Here I define a Keras Sequence generator to provide batches. You don't really need this for this tabular dataset, as the data does not need to be augmented in any way. So it would actually be much simpler to use just basic Keras functionality and provide the training data as is.

However, I also wanted to try to combine this with my [3D CNN kernel] model, in which case I needed a generator to provide both the augmented 3D images and the tabular data rows. So doing the generator here allows simple combination of the two when needed.
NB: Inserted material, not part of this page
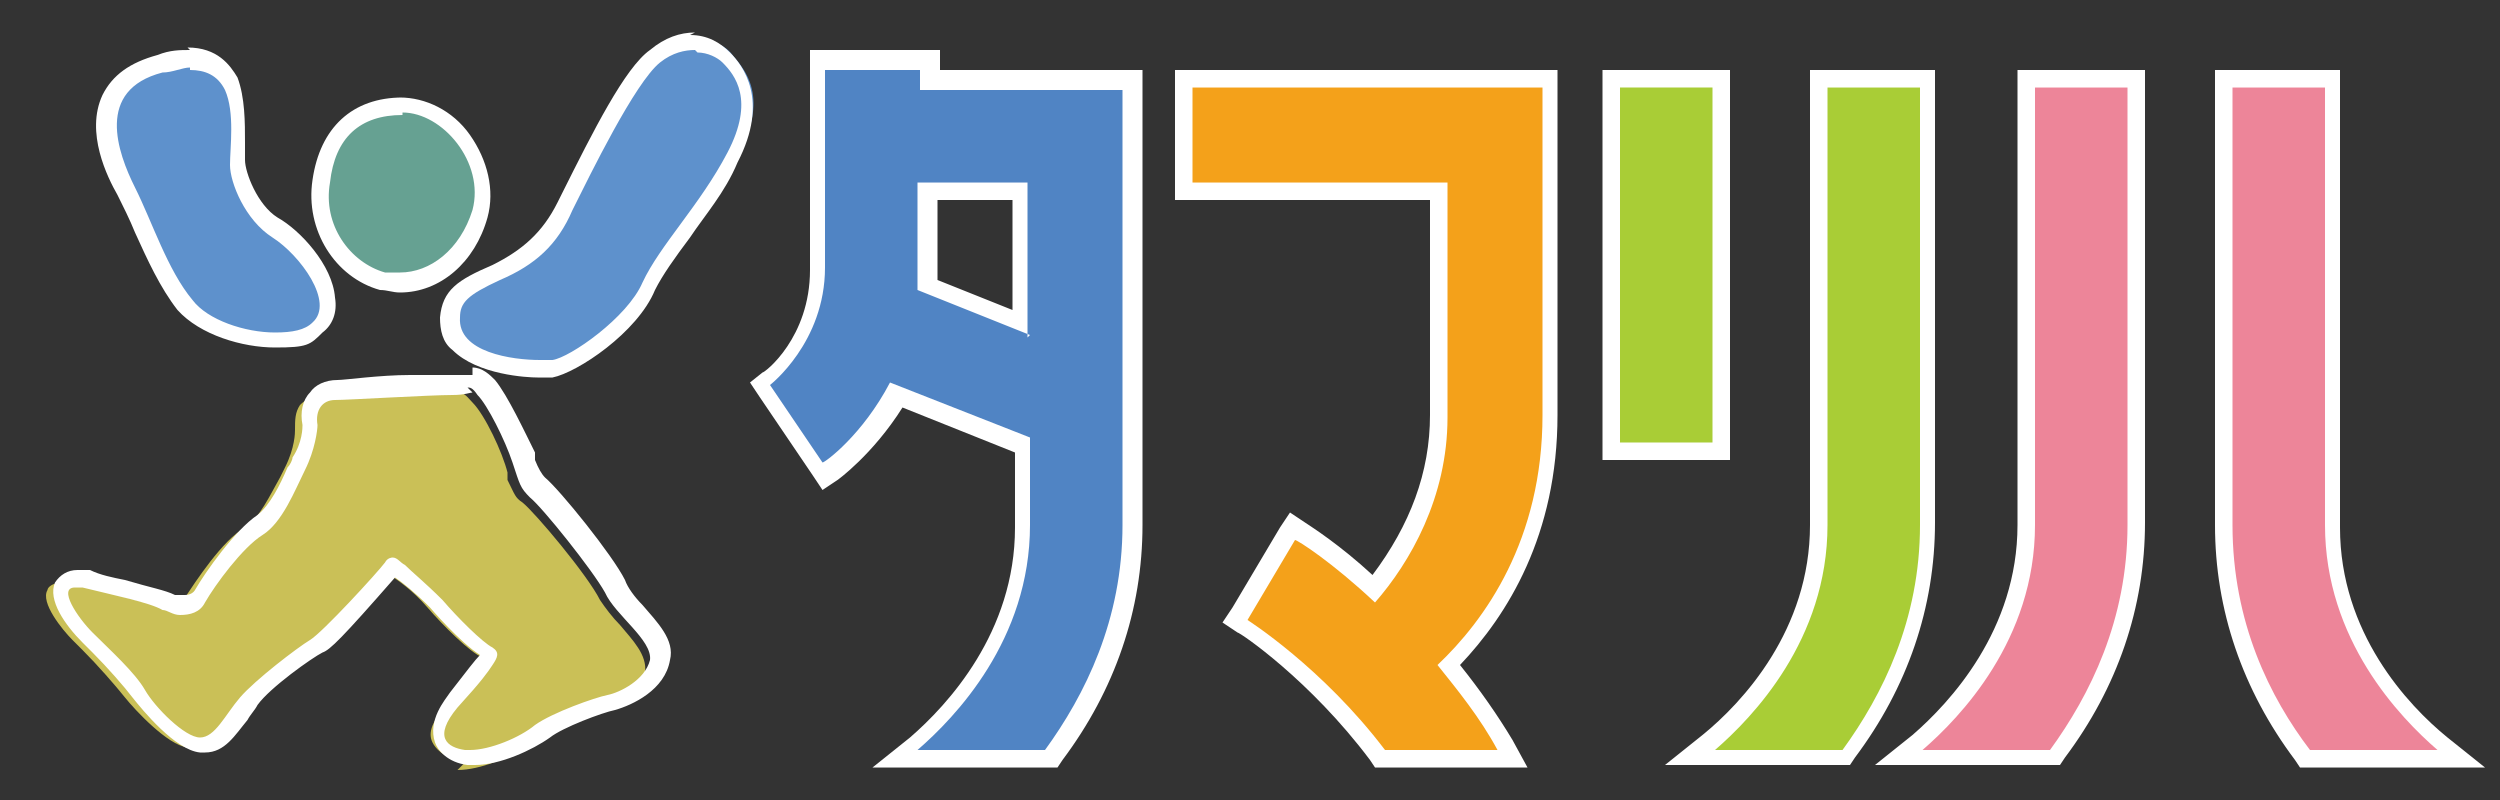 <?xml version="1.0" encoding="UTF-8"?><svg xmlns="http://www.w3.org/2000/svg" viewBox="0 0 100 32"><rect x="0" y="0" width="100" height="32" fill="#333333" stroke="none"/><defs><style>.cls-1{fill:#f4a11a;}.cls-2{fill:#66a192;}.cls-3{fill:#ed8599;}.cls-4{fill:#fff;}.cls-5{fill:#a9cd36;}.cls-6{fill:#cac057;}.cls-7{fill:#5e91cc;}.cls-8{fill:#5084c4;}.cls-9{mix-blend-mode:multiply;}.cls-10{isolation:isolate;}</style></defs><g class="cls-10"><g id="_レイヤー_1"><g><g><path class="cls-6" d="M18.7,30.4c-.1,0-.2,0-.3,0-.7-.1-1-.5-1.1-.7-.2-.4,0-.9,.6-1.5h0c.9-1.1,1.2-1.4,1.3-1.7,0,0,.1-.2,.1-.2,0,0,0,0,0,0-.5-.2-1.6-1.3-2.2-2-.6-.7-1.2-1.1-1.5-1.3,0,0-.1,0-.2-.1,0,0-.1-.1-.2-.1v.2c-2.3,2.5-2.8,2.9-3,3-.4,.2-2.1,1.5-2.7,2.2-.2,.2-.3,.4-.5,.6-.4,.6-.8,1.1-1.4,1.1h-.1c-.8-.1-2.1-1.5-2.5-2-.4-.5-1.1-1.3-1.7-1.9l-.4-.4c-.4-.4-1.3-1.5-1-2,0-.1,.2-.3,.6-.3s.2,0,.4,0c.5,.1,1,.2,1.4,.4,.8,.2,1.5,.4,1.9,.5,.2,0,.4,.1,.5,.1h0c.2,0,.5,0,.7-.4,.4-.6,1.5-2.3,2.4-2.8,.6-.4,1-1.3,1.4-2l.2-.4c.4-.8,.4-1.4,.4-1.5,0-.4,0-.7,.2-1,.2-.2,.5-.4,.9-.4s1.7,0,2.9-.1c.7,0,1.4,0,1.7,0,.3,0,.4,0,.6,0,0,0,.2,0,.2,0,.3,0,.4,.2,.6,.4,.5,.5,1.2,2,1.4,2.8v.3c.3,.6,.3,.7,.6,.9,.5,.4,2.6,2.9,3.1,3.9,.2,.3,.5,.7,.8,1,.5,.6,1.1,1.2,1,1.9-.2,1-1.5,1.6-2,1.7-.5,.1-2.1,.7-2.7,1.2-.7,.5-1.9,1-2.8,1Z"/><path class="cls-4" d="M18.7,15.5c.1,0,.2,0,.4,.3,.4,.4,1.1,1.8,1.4,2.7,.3,.9,.3,1,.7,1.4,.5,.4,2.5,2.9,3,3.8,.4,.9,1.9,1.9,1.8,2.7-.2,.8-1.2,1.3-1.7,1.4-.5,.1-2.2,.7-2.9,1.2-.6,.5-1.8,1-2.6,1s-.2,0-.2,0c-.7-.1-1.3-.5-.3-1.7,1-1.1,1.2-1.4,1.4-1.7,.2-.3,.3-.5,0-.7-.4-.2-1.4-1.2-2-1.9-.7-.7-1.2-1.1-1.5-1.4-.2-.1-.3-.3-.5-.3,0,0-.2,0-.3,.2-.3,.4-2.5,2.8-3,3.1-.5,.3-2.2,1.6-2.8,2.3-.6,.7-1,1.6-1.6,1.6s0,0,0,0c-.6,0-1.8-1.2-2.2-1.9-.4-.7-1.4-1.6-2.1-2.3-.6-.6-1.4-1.8-.7-1.8s.2,0,.3,0c1.2,.3,2.7,.6,3.2,.9,.2,0,.4,.2,.7,.2,.4,0,.8-.1,1-.5,.4-.7,1.5-2.2,2.3-2.7,.8-.5,1.3-1.8,1.7-2.6,.4-.8,.5-1.6,.5-1.8-.1-.6,.2-1,.7-1s3.8-.2,4.7-.2c.5,0,.7-.1,.8-.1m0-.7h0c0,0-.2,0-.3,0-.1,0-.3,0-.5,0-.3,0-1,0-1.7,0-1.2,0-2.6,.2-2.9,.2-.5,0-.9,.2-1.1,.5-.3,.3-.4,.8-.3,1.3,0,.1,0,.7-.4,1.3,0,.1-.1,.3-.2,.4-.3,.7-.7,1.5-1.2,1.9-.9,.6-2.1,2.3-2.5,3,0,0-.1,.2-.4,.2s-.3,0-.4,0c-.4-.2-1-.3-2-.6-.5-.1-1-.2-1.4-.4-.2,0-.3,0-.5,0-.4,0-.7,.2-.9,.5-.3,.7,.4,1.7,1.1,2.4l.4,.4c.6,.6,1.3,1.4,1.6,1.8,.4,.5,1.7,2.1,2.7,2.2,0,0,.1,0,.2,0,.8,0,1.2-.7,1.7-1.3,.1-.2,.3-.4,.4-.6,.5-.7,2.2-1.9,2.6-2.1,.3-.1,.8-.6,2.9-3,0,0,0,0,0,0,.3,.2,.8,.6,1.4,1.2,0,0,1.2,1.4,2,1.9-.2,.2-.5,.6-1.2,1.5h0c-.2,.3-.9,1.1-.6,2,.1,.3,.5,.8,1.3,.9,.1,0,.2,0,.3,0,1,0,2.3-.6,3-1.1,.5-.4,2.1-1,2.6-1.1,.7-.2,2-.8,2.2-2,.2-.8-.5-1.5-1.1-2.2-.3-.3-.6-.7-.7-1-.5-1-2.6-3.6-3.2-4.1q-.2-.2-.4-.7v-.3c-.4-.8-1.1-2.3-1.6-2.9-.2-.2-.5-.5-.9-.5h0Z"/></g><g><path class="cls-7" d="M21.7,14.8c-.2,0-2.3,0-3.2-1-.3-.3-.4-.7-.4-1.1,0-.8,.5-1.2,1.9-1.8,1.3-.6,2.1-1.4,2.8-2.7l.2-.4c1.3-2.5,2.5-5,3.4-5.6,.5-.4,1.1-.6,1.6-.6s1,.2,1.3,.6c.5,.6,1.5,1.7,.2,4-.6,1.1-1.3,2.1-1.9,2.9-.6,.8-1.1,1.5-1.4,2.2-.7,1.5-3,3.1-3.9,3.3-.1,0-.3,0-.5,0Z"/><path class="cls-4" d="M27.9,2.1c.4,0,.8,.2,1,.4,.5,.5,1.3,1.5,.2,3.6-1.1,2.1-2.7,3.7-3.4,5.2-.6,1.4-2.9,3-3.6,3.1-.1,0-.3,0-.5,0-1.1,0-3.3-.3-3.2-1.7,0-.6,.3-.9,1.6-1.5,1.4-.6,2.3-1.4,2.9-2.8,.7-1.4,2.5-5.1,3.5-5.9,.5-.4,1-.5,1.4-.5m0-.7h0c-.6,0-1.2,.2-1.8,.7-1,.7-2.3,3.3-3.5,5.7l-.2,.4c-.6,1.2-1.4,1.9-2.6,2.5-1.4,.6-2,1-2.1,2.1,0,.5,.1,1,.5,1.3,1,1,3,1.1,3.4,1.1s.4,0,.6,0c1-.2,3.4-1.8,4.1-3.5,.3-.6,.8-1.3,1.4-2.1,.6-.9,1.4-1.8,1.9-3,1.3-2.5,.2-3.9-.3-4.4-.4-.4-.9-.7-1.6-.7h0Z"/></g><g><path class="cls-7" d="M11.1,13.7c-1.2,0-2.9-.5-3.6-1.4-.7-.8-1.2-1.9-1.6-3-.3-.6-.5-1.1-.7-1.6-.4-.7-1.1-2.3-.6-3.7,.3-.7,1-1.2,1.9-1.4,.5-.1,.8-.2,1.2-.2,.8,0,1.4,.3,1.7,1,.3,.7,.3,1.7,.3,2.4,0,.3,0,.5,0,.7,0,.6,.6,2,1.5,2.6,.9,.6,2,1.9,2.1,2.9,0,.4,0,.8-.4,1.1-.5,.4-1.2,.5-1.7,.5Z"/><path class="cls-4" d="M7.6,2.8c.6,0,1.1,.2,1.4,.8,.4,.9,.2,2.3,.2,3,0,.7,.6,2.2,1.7,2.9,1.1,.7,2.5,2.6,1.6,3.4-.3,.3-.8,.4-1.5,.4-1.2,0-2.7-.5-3.3-1.3-1-1.2-1.6-3.1-2.3-4.5-.7-1.4-1.6-3.9,1.1-4.6,.4,0,.8-.2,1.1-.2m0-.7h0c-.4,0-.8,0-1.3,.2-1.1,.3-1.8,.8-2.2,1.6-.7,1.5,.2,3.3,.6,4,.2,.4,.5,1,.7,1.5,.5,1.1,1,2.2,1.7,3.1,.9,1,2.6,1.5,3.9,1.5s1.4-.1,1.9-.6c.4-.3,.6-.8,.5-1.4-.1-1.3-1.4-2.7-2.3-3.2-.8-.5-1.3-1.8-1.3-2.3,0-.2,0-.4,0-.7,0-.8,0-1.8-.3-2.6-.3-.5-.8-1.2-2-1.2h0Z"/></g><g><path class="cls-2" d="M16.1,11.3c-.2,0-.5,0-.7,0-1.4-.4-2.8-2-2.5-4,.3-1.9,1.4-3,3.3-3s1.8,.5,2.5,1.4c.7,.9,.9,2,.7,3-.5,1.7-1.7,2.8-3.2,2.8Z"/><path class="cls-4" d="M16.1,4.5c1.6,0,3.3,2,2.8,3.9-.5,1.6-1.7,2.5-2.9,2.5s-.4,0-.6,0c-1.4-.4-2.5-1.9-2.2-3.6,.2-1.8,1.2-2.7,2.9-2.7m0-.7c-2,0-3.3,1.2-3.6,3.3-.3,2,.9,3.9,2.7,4.4,.3,0,.5,.1,.8,.1,1.6,0,3-1.2,3.5-3,.3-1.1,0-2.3-.7-3.3-.7-1-1.8-1.5-2.8-1.5h0Z"/></g><g class="cls-9"><g><path class="cls-8" d="M35.8,30.4l.7-.6c1.6-1.4,4.4-4.4,4.4-8.7v-3.3l-5-2c-1.1,2-2.6,3.1-2.6,3.1l-.3,.2-2.5-3.7,.3-.2s2.1-1.6,2.1-4.4V2.4h4.4v.8h8.1V21c0,3.3-1.1,6.4-3.1,9.2h-.1c0,.1-6.3,.1-6.3,.1Zm5.1-17.4V7.7h-3.7v3.1c0,.2,0,.5,0,.7l3.8,1.5Z"/><path class="cls-4" d="M36.8,2.8v.8h8.1V21c0,3.8-1.5,6.8-3.1,9h-5.1c1.5-1.3,4.5-4.4,4.5-9v-3.5l-5.6-2.2c-1.1,2.1-2.6,3.2-2.7,3.2l-2.1-3.1c0,0,2.2-1.7,2.2-4.7V2.8h3.7m4.4,10.7V7.3h-4.4v3.4c0,.3,0,.6,0,.9l4.5,1.8m-3.7-11.4h-5.1V10.8c0,2.7-1.8,4.1-1.9,4.1l-.5,.4,.4,.6,2.1,3.1,.4,.6,.6-.4s1.4-1,2.6-2.9l4.5,1.8v3c0,4.2-2.7,7.1-4.2,8.4l-1.5,1.2h7.4l.2-.3c2.1-2.8,3.2-6,3.2-9.4V2.8h-8.1v-.8h0Zm0,6h3v4.4l-3-1.2c0-.2,0-.3,0-.4v-2.7h0Z"/></g><g><path class="cls-3" d="M92.2,30.4h-.1c-2.1-2.9-3.1-6-3.1-9.3V3.2h4.4V21c0,4.3,2.7,7.3,4.4,8.7l.7,.6h-6.3Z"/><path class="cls-4" d="M93,3.5V21c0,4.6,3,7.7,4.5,9h-5.1c-1.6-2.1-3.1-5.1-3.1-9V3.5h3.7m.7-.7h-5.1V21c0,3.4,1.1,6.6,3.2,9.4l.2,.3h7.4l-1.5-1.2c-1.6-1.3-4.3-4.2-4.3-8.4V2.8h0Z"/></g><g><path class="cls-3" d="M76,30.4l.7-.6c1.6-1.4,4.4-4.4,4.4-8.7V3.2h4.4V21c0,3.3-1.1,6.4-3.1,9.2h-.1c0,.1-6.3,.1-6.3,.1Z"/><path class="cls-4" d="M85.1,3.5V21c0,3.8-1.5,6.8-3.1,9h-5.1c1.5-1.3,4.5-4.4,4.5-9V3.5h3.7m.7-.7h-5.1V21c0,4.2-2.7,7.1-4.2,8.4l-1.5,1.2h7.4l.2-.3c2.1-2.8,3.2-6,3.2-9.4V2.8h0Z"/></g><g><path class="cls-1" d="M55.3,30.4h-.1c-2.4-3.3-5.3-5.2-5.4-5.3l-.3-.2,2.3-3.8,.3,.2c.4,.3,1.6,1,2.9,2.3,1.7-2.1,2.6-4.4,2.6-6.9V7.7h-10.2V3.2h14.6v13.4c0,4.9-2.1,8.1-4.1,10,.8,1,1.6,2.1,2.3,3.2l.3,.5h-5.3Z"/><path class="cls-4" d="M61.7,3.5v13.1c0,5-2.3,8.2-4.2,10,.8,1,1.7,2.1,2.4,3.4h-4.5c-2.5-3.3-5.5-5.2-5.5-5.2l1.9-3.2c.1,0,1.5,.9,3.2,2.5,1.4-1.6,2.9-4.2,2.9-7.4V7.3h-10.2V3.5h13.9m.7-.7h-15.3v5.2h10.2v8.6c0,2.3-.8,4.4-2.3,6.4-1.3-1.2-2.4-1.9-2.7-2.1l-.6-.4-.4,.6-1.9,3.2-.4,.6,.6,.4c.1,0,2.9,1.9,5.3,5.1l.2,.3h6.1l-.6-1.1c-.6-1-1.3-2-2.1-3,1.9-2,3.9-5.2,3.9-10V2.8h0Z"/></g><g><path class="cls-5" d="M67.6,30.4l.7-.6c1.6-1.4,4.4-4.4,4.4-8.7V3.2h4.4V21c0,3.3-1.1,6.4-3.1,9.2h-.1c0,.1-6.3,.1-6.3,.1Z"/><path class="cls-4" d="M76.8,3.5V21c0,3.8-1.5,6.8-3.1,9h-5.1c1.5-1.3,4.5-4.4,4.5-9V3.5h3.7m.7-.7h-5.1V21c0,4.2-2.7,7.1-4.3,8.4l-1.5,1.2h7.4l.2-.3c2.1-2.8,3.2-6,3.2-9.4V2.8h0Z"/></g><g><rect class="cls-5" x="64.4" y="3.2" width="4.4" height="14.9"/><path class="cls-4" d="M68.5,3.5v14.2h-3.7V3.5h3.7m.7-.7h-5.1v15.6h5.1V2.8h0Z"/></g></g></g></g></g></svg>

I did another kernel doing that, but its nothing special and scores less than this one so leaving it unpublished for now.

First, a small utility function to shuffle x and y at the end of each training epoch:

In [None]:
def unison_shuffled_copies(a, b):
    assert len(a) == len(b)
    p = np.random.permutation(len(a))
    new_a = a.iloc[p]
    new_b = b.iloc[p]
    return new_a, new_b

And the generator itself:

In [None]:

#https://stackoverflow.com/questions/49404993/keras-how-to-use-fit-generator-with-multiple-inputs
class MySequence3D(Sequence):

    def __init__(self, x_set, y_set, batch_size, mode="train", augment=True):
        self.x, self.y = x_set, y_set
        self.batch_size = batch_size
        self.mode = mode
        self.max_idx = math.ceil(len(x_set)/batch_size)
        self.augment = augment

    def __len__(self):
        #TODO: check is correct
        return int(np.ceil(len(self.x) / float(self.batch_size)))

    def __getitem__(self, idx):
        idx2 = idx % self.max_idx
        start = idx2 * self.batch_size
        end = min(start + batch_size, len(self.x))
        batch_x = self.x.iloc[start : end]
        batch_y = self.y.iloc[start : end]
        
        next_batch_num = []
        for index, row in batch_x.iterrows():
            #print(row)
            nums = [row[col] for col in dense_cols]
            nums = np.array(nums)
            file_name = row["patient_id"]
            next_batch_num.append(nums)
        np_y = np.array(batch_y)
        np_x_num = np.array(next_batch_num)
        del next_batch_num
        del batch_y
        #print(f"loaded shape: {np_x.shape}, batch={idx}")
        result = np_x_num, np_y

        #print(f"shapes: {result[0].shape}, {result[1].shape}")
        return result

    def on_epoch_end(self):
        self.x, self.y = unison_shuffled_copies(self.x, self.y)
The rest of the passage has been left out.